Similarly, MES added some lyrics,most notably the couplet which goes:
“If oceans was whisky and I was a (dove? duck?)
I’d dive into it and never come up.”
As a commentator ( odyjamess) on Youtube pointed out, these lines are not MES originals but come from the song ‘Jack o’ Diamonds (Rye Whiskey)’ by Tex Ritter. The Fall Lyrics Parade has the animal concerned as being a dove, but Ritter’s song mentions a duck.

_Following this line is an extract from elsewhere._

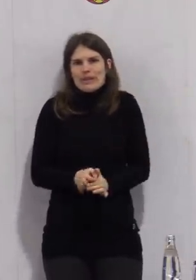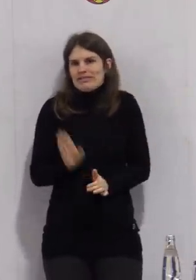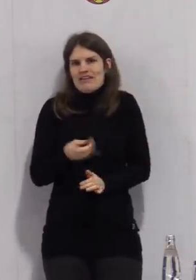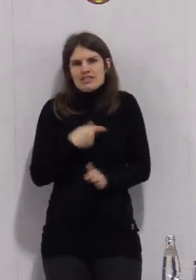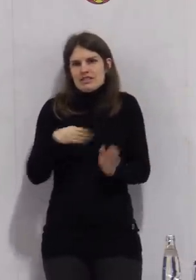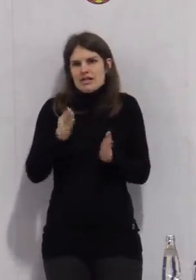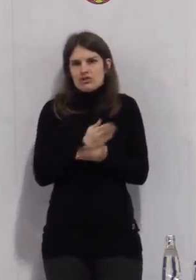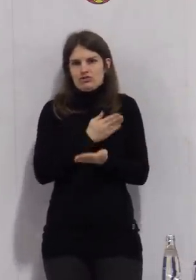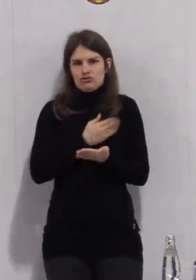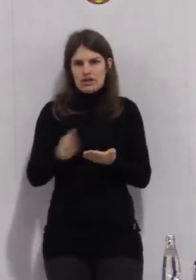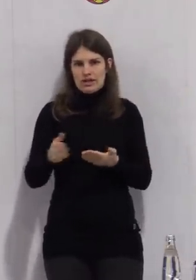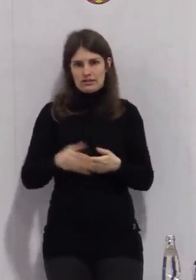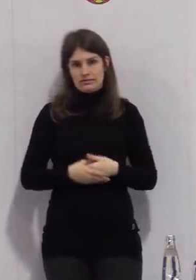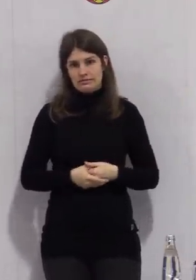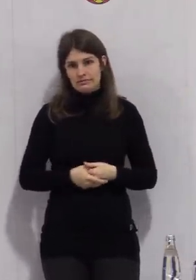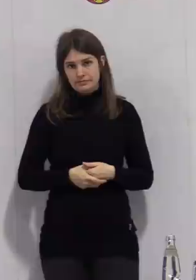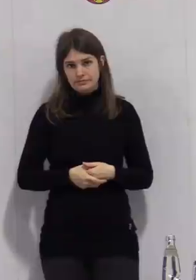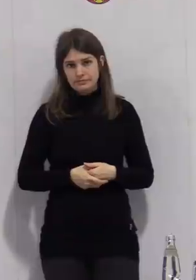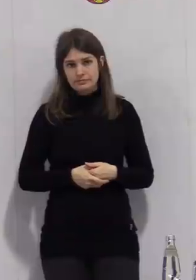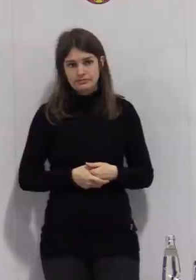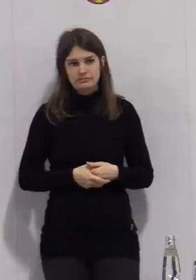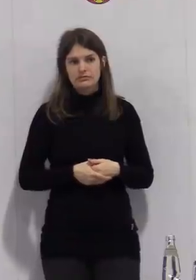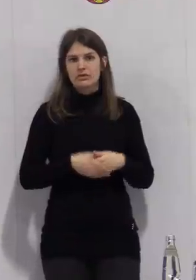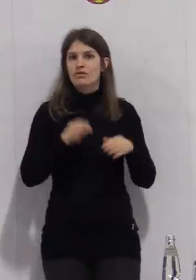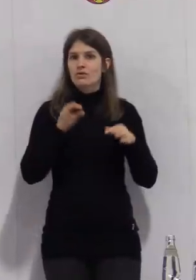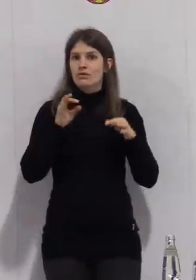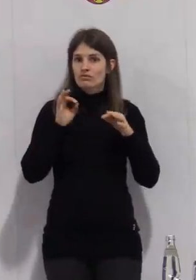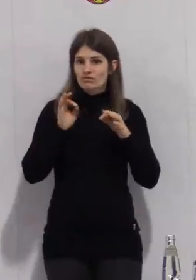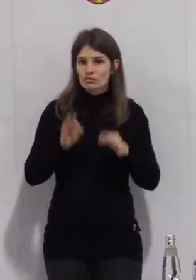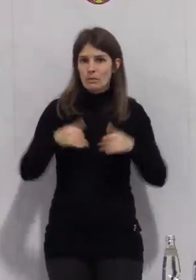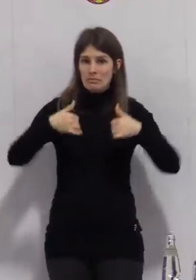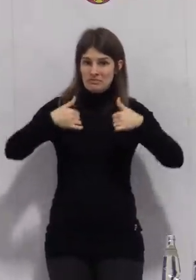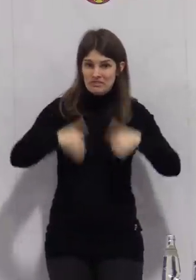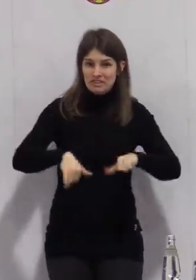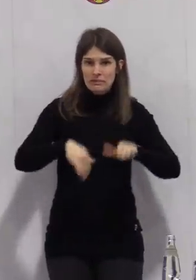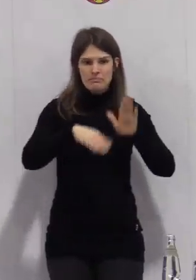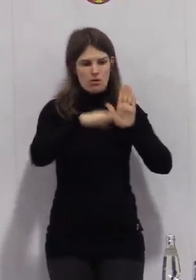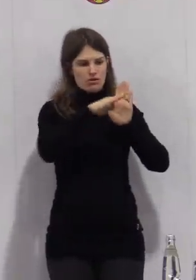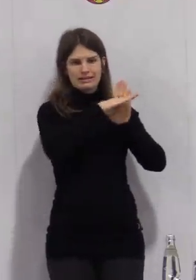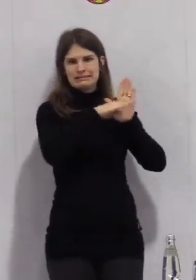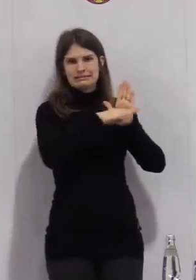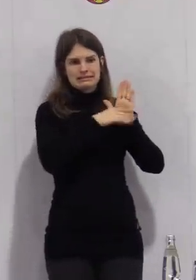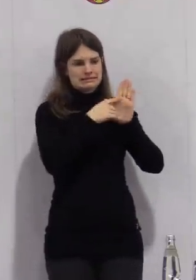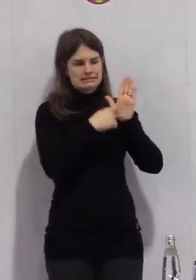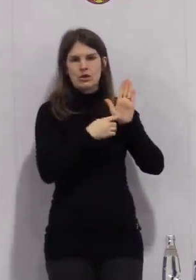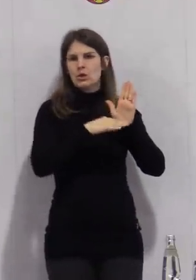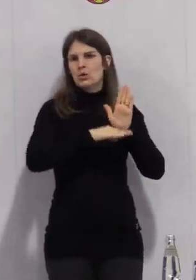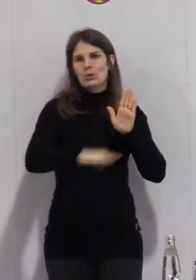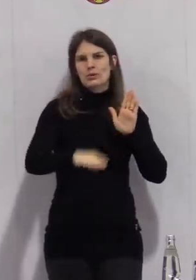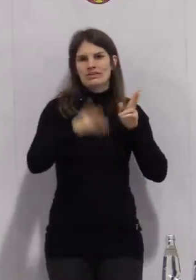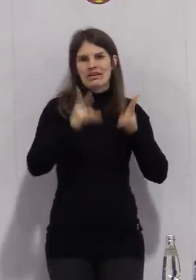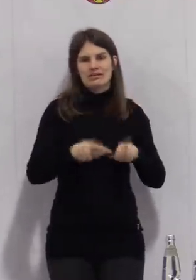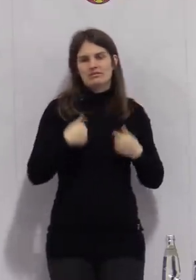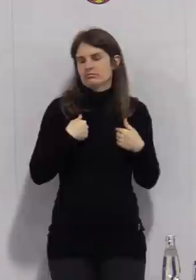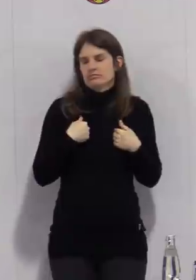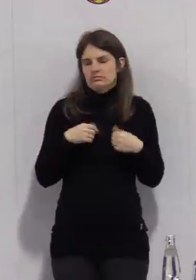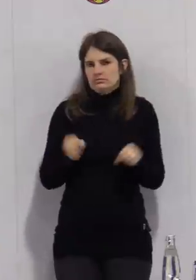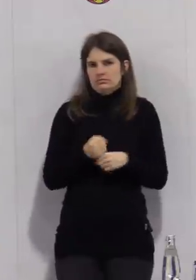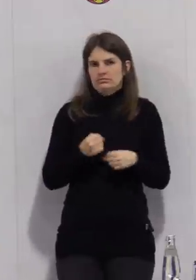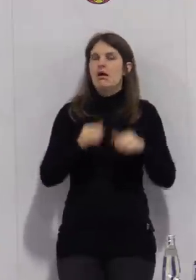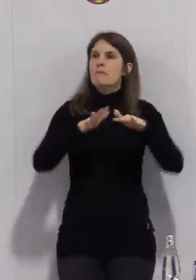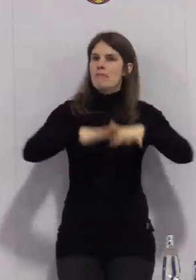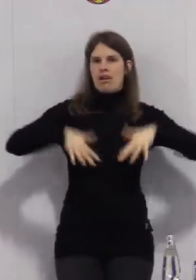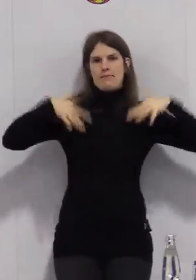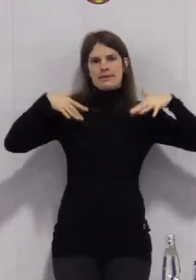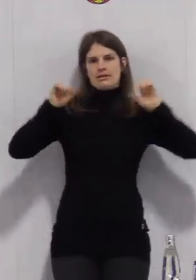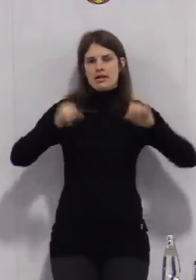einer massiven gesetzlichen Regelung, die ja auch in Grundrechte erheblich eingreift. Das kann nur ein Parlament

The following analysis of the song was published as part of the Gladys Winthorpe series in Reformation! The Webzine, issue no. 2, summer 2008 https://sites.google.com/site/reformationthewebzine/home/issue-002—summer-2008/gladys-winthorpe-30-31
Smith, M. E.: vox
Smith, B. E.: guitar?
Scanlon, C: guitar?
Hanley, S: bass, banjo
Wolstencroft, S: drums
Schofield, M: keyboards
From the much maligned “Seminal Live” mish-mash album of 1989, “Pinball Machine” is a cover of a Lonnie Irving song and was perfectly summarised in Simon Ford’s book as “an achingly sincere song about a life lost to old trucks and pinball machines”. It’s a rare excursion for the group into country music territory [1].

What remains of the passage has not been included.